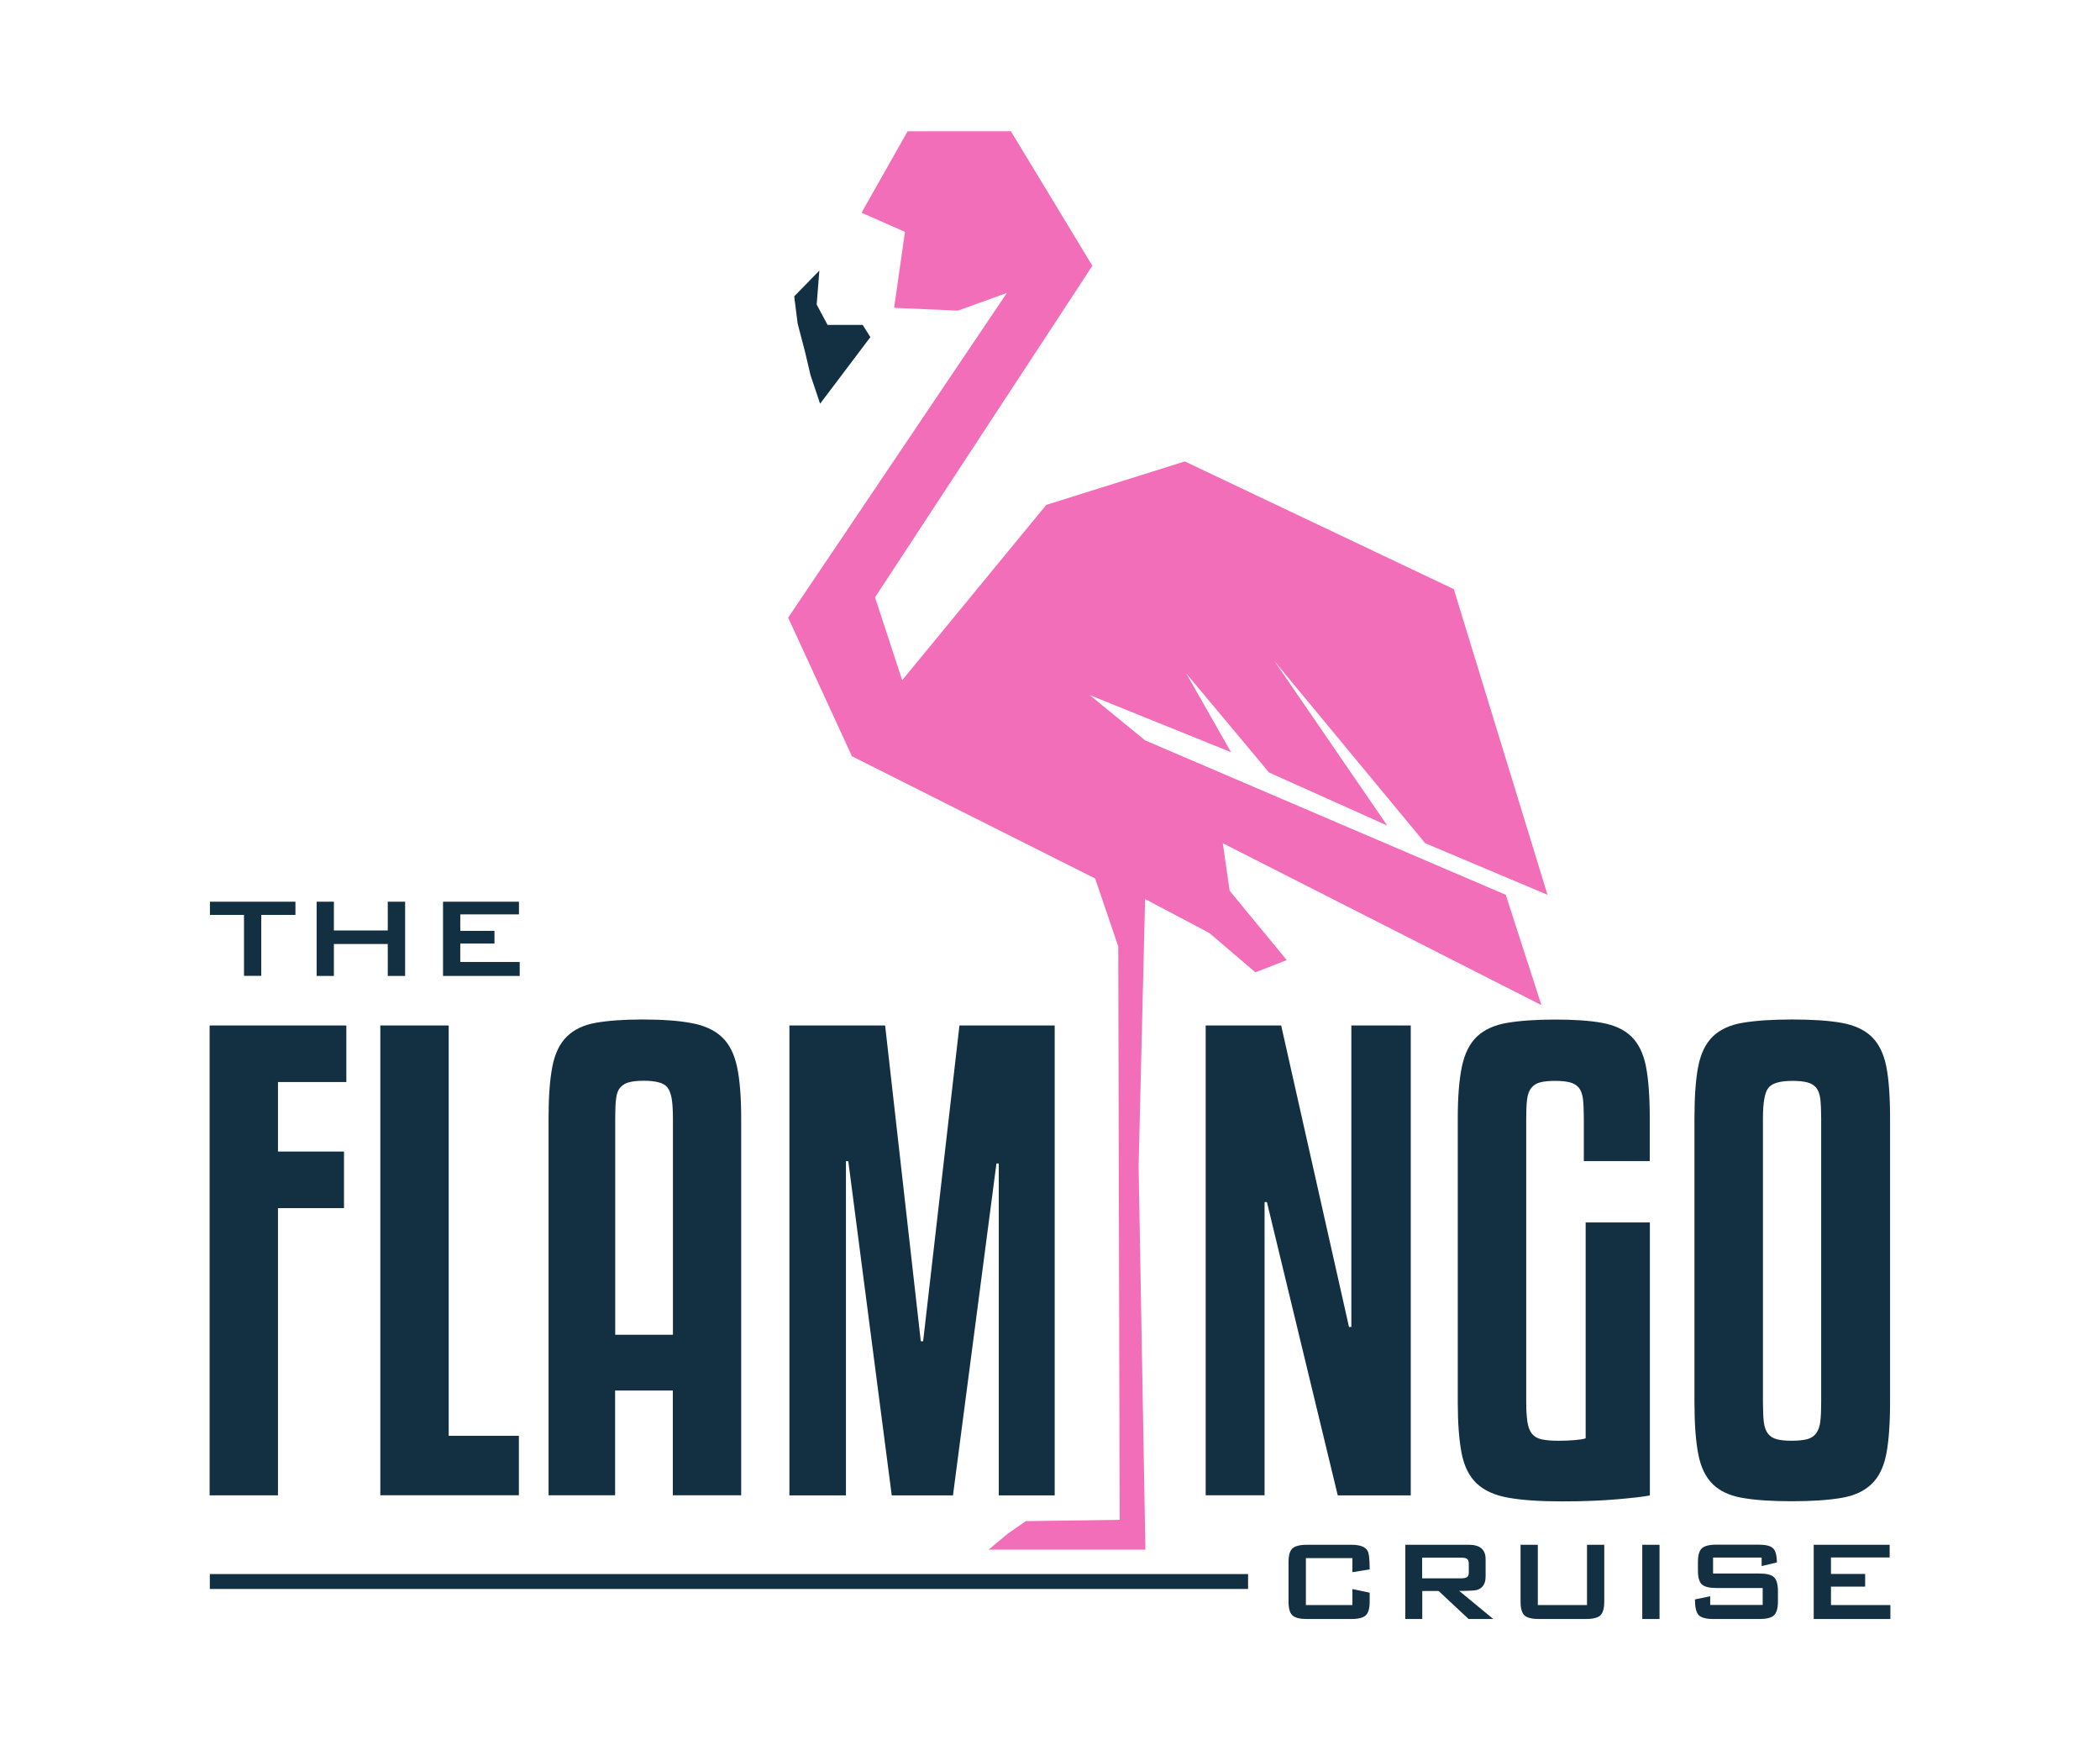 <?xml version="1.0" encoding="UTF-8"?>
<svg xmlns="http://www.w3.org/2000/svg" id="Ebene_1" width="120" height="100" viewBox="0 0 120 100">
  <defs>
    <style>.cls-1{fill:none;stroke:#132f42;stroke-miterlimit:10;stroke-width:.852px;}.cls-2{fill:#f26eb9;}.cls-3{fill:#132f42;}</style>
  </defs>
  <path class="cls-3" d="m16.882,52.273h-1.953v3.481h-.986v-3.481h-1.947v-.755h4.886v.755Z"></path>
  <path class="cls-3" d="m23.15,55.759h-.992v-1.825h-3.079v1.825h-.986v-4.241h.986v1.643h3.079v-1.643h.992v4.241Z"></path>
  <path class="cls-3" d="m29.697,55.759h-4.381v-4.241h4.339v.724h-3.353v.943h1.953v.724h-1.953v1.053h3.395v.797Z"></path>
  <path class="cls-3" d="m11.978,85.429v-26.84h7.813v3.231h-3.907v3.973h3.773v3.231h-3.773v16.411h-3.907v-.006Z"></path>
  <path class="cls-3" d="m29.649,85.429h-7.916v-26.84h3.907v23.445h4.01v3.395h0Z"></path>
  <path class="cls-3" d="m38.447,85.429v-5.981h-3.298v5.981h-3.803v-21.541c0-1.223.073-2.209.219-2.957s.426-1.32.834-1.716.955-.657,1.649-.779,1.582-.189,2.665-.189c1.132,0,2.069.067,2.805.207.736.134,1.314.402,1.734.797s.706.961.864,1.698c.158.736.237,1.716.237,2.939v21.541h-3.907Zm-1.661-23.682c-.341,0-.615.03-.834.085-.213.055-.383.158-.511.304s-.207.365-.237.645c-.037.286-.049.651-.049,1.101v12.377h3.298v-12.371c0-.45-.024-.821-.067-1.101-.049-.286-.128-.499-.237-.645-.116-.146-.286-.249-.511-.304-.231-.061-.511-.091-.852-.091Z"></path>
  <path class="cls-3" d="m60.268,58.589v26.847h-3.195v-18.961h-.134l-2.483,18.961h-3.499l-2.483-19.094h-.134v19.094h-3.231v-26.847h5.47l2.038,18.042h.134l2.075-18.042h5.44Z"></path>
  <path class="cls-3" d="m76.441,85.429l-4.046-16.752h-.134v16.752h-3.365v-26.84h4.314l3.876,17.226h.134v-17.226h3.395v26.847h-4.174v-.006Z"></path>
  <path class="cls-3" d="m90.504,66.335v-2.446c0-.45-.018-.821-.049-1.101-.037-.286-.116-.499-.237-.645-.128-.146-.292-.249-.511-.304-.213-.055-.493-.085-.834-.085-.365,0-.651.03-.864.085s-.383.164-.511.323c-.122.158-.207.377-.237.663-.037.286-.049.639-.049,1.071v16.21c0,.456.024.828.067,1.12s.128.523.256.682c.122.158.304.268.542.323s.56.085.968.085c.341,0,.651-.012.937-.037.286-.024.493-.055.627-.103v-12.334h3.669v15.596c-.316.067-.931.14-1.838.219-.907.079-1.972.122-3.195.122-1.247,0-2.257-.067-3.042-.207-.779-.134-1.387-.408-1.819-.815-.432-.408-.718-.986-.864-1.734-.146-.748-.219-1.722-.219-2.921v-16.21c0-1.223.079-2.209.237-2.957s.444-1.32.864-1.716c.42-.396.992-.657,1.716-.779.724-.122,1.643-.189,2.75-.189,1.089,0,1.984.061,2.683.189s1.26.383,1.667.779c.408.396.688.961.834,1.698.146.736.219,1.728.219,2.976v2.446h-3.767Z"></path>
  <path class="cls-3" d="m108.004,80.099c0,1.247-.073,2.245-.219,2.988-.146.748-.432,1.32-.852,1.716s-.992.657-1.716.779c-.724.122-1.667.189-2.817.189-1.156,0-2.093-.061-2.823-.189-.724-.122-1.29-.383-1.698-.779-.408-.396-.688-.968-.834-1.716-.146-.748-.219-1.746-.219-2.988v-16.21c0-1.247.073-2.239.219-2.976.146-.736.426-1.302.834-1.698s.974-.657,1.698-.779,1.667-.189,2.823-.189,2.093.061,2.817.189,1.296.383,1.716.779c.42.396.7.961.852,1.698.146.736.219,1.728.219,2.976v16.21Zm-3.937-16.21c0-.45-.018-.821-.049-1.101-.037-.286-.116-.499-.237-.645-.128-.146-.292-.249-.511-.304-.213-.055-.493-.085-.834-.085-.724,0-1.187.134-1.393.408s-.304.852-.304,1.734v16.21c0,.475.018.858.049,1.138.037.286.116.505.237.663s.292.268.511.323c.213.055.493.085.834.085.365,0,.657-.03.882-.085s.402-.17.529-.341c.122-.17.207-.396.237-.682.037-.286.049-.651.049-1.101v-16.216Z"></path>
  <polygon class="cls-2" points="49.23 12.155 51.864 7.5 57.767 7.5 62.422 15.185 50.002 34.128 51.554 38.862 59.787 28.846 67.703 26.363 83.074 33.659 88.429 51.123 81.443 48.178 72.827 37.772 79.271 47.167 72.517 44.137 67.783 38.472 70.344 42.975 62.27 39.713 65.434 42.3 86.043 51.123 88.082 57.427 69.876 48.178 70.265 50.891 73.527 54.853 71.738 55.552 69.097 53.301 65.434 51.366 65.063 66.651 65.452 88.539 56.489 88.539 57.609 87.608 58.619 86.908 63.98 86.835 63.9 54.074 62.58 50.192 48.682 43.206 45.037 35.29 57.536 16.737 54.737 17.747 51.092 17.589 51.712 13.244 49.23 12.155"></polygon>
  <polygon class="cls-3" points="45.384 16.932 46.82 15.459 46.668 17.4 47.289 18.562 49.297 18.562 49.735 19.262 46.863 23.065 46.315 21.434 46.005 20.114 45.579 18.483 45.384 16.932"></polygon>
  <path class="cls-3" d="m78.267,91.496c0,.396-.073.657-.225.797-.152.14-.426.207-.828.207h-2.531c-.402,0-.675-.067-.828-.207-.152-.134-.225-.402-.225-.797v-2.233c0-.396.073-.657.225-.797.152-.134.426-.207.828-.207h2.531c.505,0,.815.116.937.353.079.14.116.487.116,1.053l-.986.158v-.803h-2.659v2.683h2.659v-.913l.986.207v.499h0Z"></path>
  <path class="cls-3" d="m85.331,92.5h-1.412l-1.71-1.6h-.937v1.6h-.968v-4.241h3.633c.633,0,.955.274.955.821v.992c0,.414-.164.663-.493.767-.128.037-.469.055-1.016.055l1.947,1.606Zm-1.4-2.659v-.511c0-.14-.043-.237-.122-.28-.061-.037-.164-.055-.323-.055h-2.221v1.18h2.221c.152,0,.262-.018.323-.055.085-.049.122-.14.122-.28Z"></path>
  <path class="cls-3" d="m91.672,91.496c0,.396-.073.657-.225.797-.152.14-.426.207-.828.207h-2.677c-.402,0-.675-.067-.828-.207-.152-.134-.225-.402-.225-.797v-3.237h.986v3.444h2.811v-3.444h.986v3.237Z"></path>
  <path class="cls-3" d="m94.83,92.5h-.986v-4.241h.986v4.241Z"></path>
  <path class="cls-3" d="m101.596,91.496c0,.396-.079.657-.231.797-.152.14-.432.207-.828.207h-2.623c-.432,0-.718-.079-.852-.231-.14-.152-.207-.45-.207-.888l.87-.183v.499h3v-.968h-2.647c-.402,0-.675-.067-.828-.207-.152-.134-.225-.402-.225-.797v-.469c0-.396.073-.657.225-.797.152-.134.426-.207.828-.207h2.41c.408,0,.682.067.828.207s.219.408.219.809l-.87.207v-.487h-2.775v.913h2.647c.402,0,.675.067.828.207s.231.402.231.797v.59Z"></path>
  <path class="cls-3" d="m108.022,92.5h-4.381v-4.241h4.339v.724h-3.353v.943h1.953v.724h-1.953v1.053h3.395v.797h0Z"></path>
  <line class="cls-1" x1="11.99" y1="90.358" x2="71.318" y2="90.358"></line>
</svg>

::::

Activity: Work out how many lines in the records include "points". Only the number should be given.

Written solution: 2